O decreto presidencial que criará um comitê para atuar em defesa da propriedade intelectual e dos direitos comerciais da Federação Internacional de Futebol (FIFA) em relação à Copa de 2014 está pronto e será assinado pelo presidente Luiz Inácio Lula da Silva nos próximos dias, segundo informou ao G1 a assessoria de imprensa do Ministério do Esporte.

Apesar de a Copa só ocorrer daqui a quatro anos, as discussões sobre quais medidas serão tomadas para evitar infrações à propriedade intelectual já deveriam ter começado, uma vez que podem ser necessárias novas leis, o que demanda tempo para debate no Congresso Nacional. Além disso, é preciso haver uma definição antes de 2013, quando o Brasil sediará a Copa das Confederações.

Mesmo assim, a Fifa já adotou providências para garantir seus direitos, informou o advogado Pedro Bhering, que representa a Fifa no Brasil na área de propriedade intelectual. Ele disse que 45 marcas relativas ao evento já foram registradas no Instituto Nacional da Propriedade Intelectual (INPI). Entre as marcas registradas estão termos como "Copa do Mundo", "Copa do Mundo 2014", "Mundial 2014", "Brasil 2014" e outras.

De acordo com Pedro Bhering, que representa a Fifa, sessenta empresas brasileiras de médio e grande porte foram notificadas na Copa deste ano por uso irregular das marcas, mas nenhuma notificação acarretou em processo judicial. "Em todos os casos, notificamos as empresas e elas retiraram as propagandas. A intenção não é punir, é educar, orientar."

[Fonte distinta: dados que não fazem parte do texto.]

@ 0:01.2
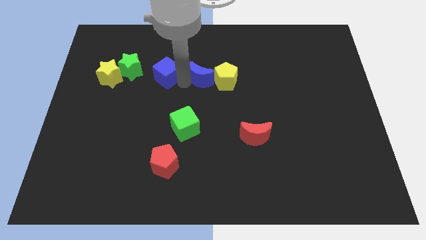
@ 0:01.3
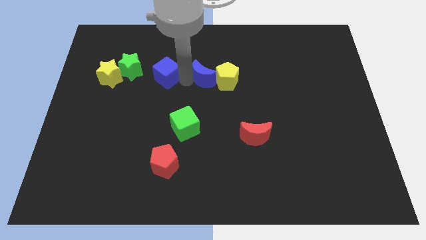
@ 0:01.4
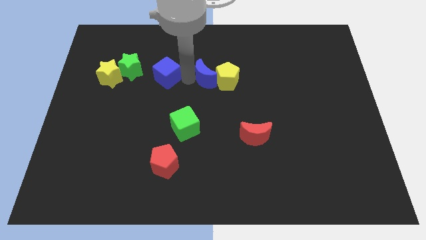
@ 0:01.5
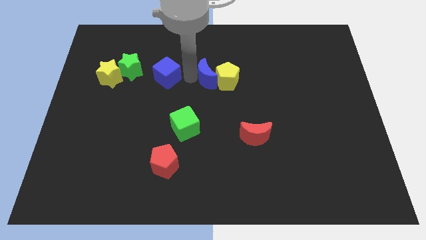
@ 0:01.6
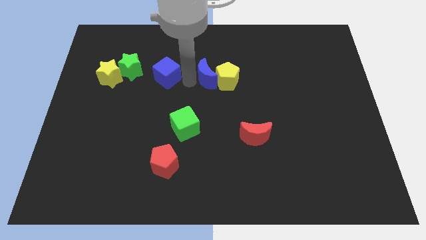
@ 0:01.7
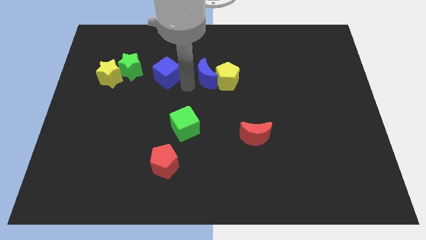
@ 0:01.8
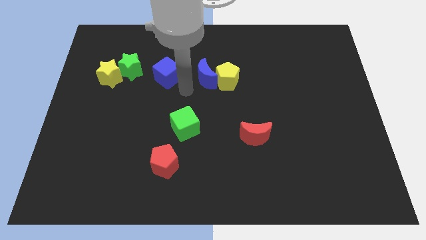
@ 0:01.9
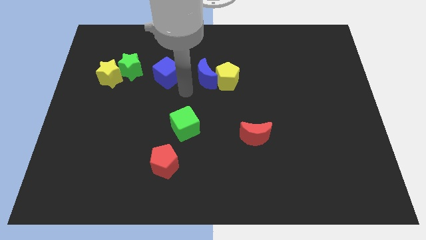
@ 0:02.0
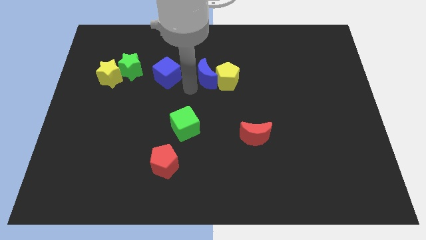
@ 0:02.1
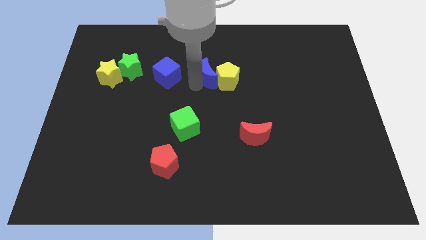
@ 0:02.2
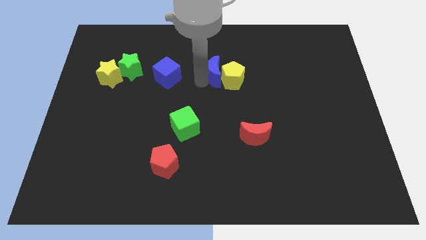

Sobre o comércio de rua, Bhering explicou que a CBF, por conta da falsificação de camisetas, tem mais problemas com a pirataria. No entanto, em 2014, com a Copa do Brasil, ele prevê que a Fifa também terá dificuldades. "Haverá problemas e pretendemos disseminar informações para educar. Onde houver uso indevido e se a coisa for em escala de média para grande, vamos atuar, inclusive com ajuda policial", disse Bhering, que admitiu ser "difícil controlar" todos os casos.